Она вышла на кухню подогреть чайник. Я сказала отчиму, не глядя на него:
— Вы же знаете, что я никогда ничего ей не скажу…
Он спокойно согласился:
— Знаю… — И засмеялся.
— Чего ты смеешься? — спросила мама, войдя в комнату.
— Так, ничего, вспомнил одну смешную шутку.
— Какую шутку? — спросила мама.
Он засмеялся еще громче.
— Ну, Ляля, расскажи маме, пусть она тоже посмеется вместе с нами…
Я повернулась, побежала в ванную и долго сидела там в темноте, прижав кулаки к щекам, широко раскрыв глаза.
Не знаю, сколько бы я просидела там, если бы кто-то не начал рвать ручку ванной — квартира у нас была большая, густонаселенная, и места общего пользования не разрешалось занимать чересчур долго…
Он заболел вскоре после окончания войны.
Лежал в постели, огромный, с раздутым водянкой животом, багроволицый, дыша тяжело и часто, будто взбирался на высокую гору.
Я училась на последнем курсе института. Само собой, приходилось много готовиться к занятиям; но надо было помогать маме.
Я делала все, что могла, — ходила в аптеку за лекарствами, вызывала «скорую помощь», дежурила возле него ночью, чтобы дать отдохнуть маме, даже научилась делать уколы.
Он был капризный, вечно всем недовольный. Случалось, ему почему-то не нравилось молоко, которое мама подавала ему, и он отталкивал стакан своей отечной рукой с туго натянутой блестящей кожей.
Я кипела, едва сдерживаясь, а мама словно бы ничего не замечала. Ее, бесконечно терпеливую, невозмутимо-спокойную, казалось, невозможно было вывести из себя.
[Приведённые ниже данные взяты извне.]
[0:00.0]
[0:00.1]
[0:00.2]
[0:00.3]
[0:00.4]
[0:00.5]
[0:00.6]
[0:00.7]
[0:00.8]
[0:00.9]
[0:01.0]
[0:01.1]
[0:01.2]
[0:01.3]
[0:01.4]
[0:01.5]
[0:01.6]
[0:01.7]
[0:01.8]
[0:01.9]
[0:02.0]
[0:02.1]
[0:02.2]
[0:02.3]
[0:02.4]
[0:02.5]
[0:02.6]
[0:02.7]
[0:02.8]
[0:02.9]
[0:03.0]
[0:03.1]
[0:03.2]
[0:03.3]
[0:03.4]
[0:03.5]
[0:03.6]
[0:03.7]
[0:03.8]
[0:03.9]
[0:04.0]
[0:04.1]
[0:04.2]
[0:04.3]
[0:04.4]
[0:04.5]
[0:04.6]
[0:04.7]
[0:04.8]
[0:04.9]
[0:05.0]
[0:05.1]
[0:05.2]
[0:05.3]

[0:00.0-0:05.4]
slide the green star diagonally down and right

— Хорошо, — весело говорила мама, собрав осколки разбитого стакана, — не хочешь молока, не надо. Как ты относишься к киселю?
Отчим сердито сопел, а мама продолжала:
— У меня на этот раз получился божественный кисель. Дай я тебе налью чашечку?
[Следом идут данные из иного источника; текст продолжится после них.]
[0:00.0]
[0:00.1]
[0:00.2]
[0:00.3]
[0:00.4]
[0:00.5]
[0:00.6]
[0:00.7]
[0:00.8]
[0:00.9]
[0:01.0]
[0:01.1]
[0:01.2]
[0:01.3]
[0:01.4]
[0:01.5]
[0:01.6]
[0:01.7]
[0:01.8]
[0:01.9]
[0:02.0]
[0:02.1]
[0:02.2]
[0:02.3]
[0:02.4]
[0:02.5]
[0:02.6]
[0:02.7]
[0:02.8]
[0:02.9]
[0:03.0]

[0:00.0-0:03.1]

— Ладно, — снисходительно бросал он.
Внезапно он начинал кашлять, задыхаться. Его большое, распухшее от водянки лицо покрывалось бурым румянцем, глаза слезились.
Мама садилась рядом, брала его руку в свои ладони.
— Сейчас пройдет, — утешала. — Потерпи еще немножечко…
А он хрипел и задыхался. Потом впадал в забытье, откинувшись на подушки.
Я старалась преодолеть невольно возникавшую к нему жалость.
Даже в самые тяжелые приступы, которые одолевали его, даже тогда, когда он хрипел, исступленно кашляя, я настойчиво уговаривала саму себя: мне не жалко его, не должно быть жалко!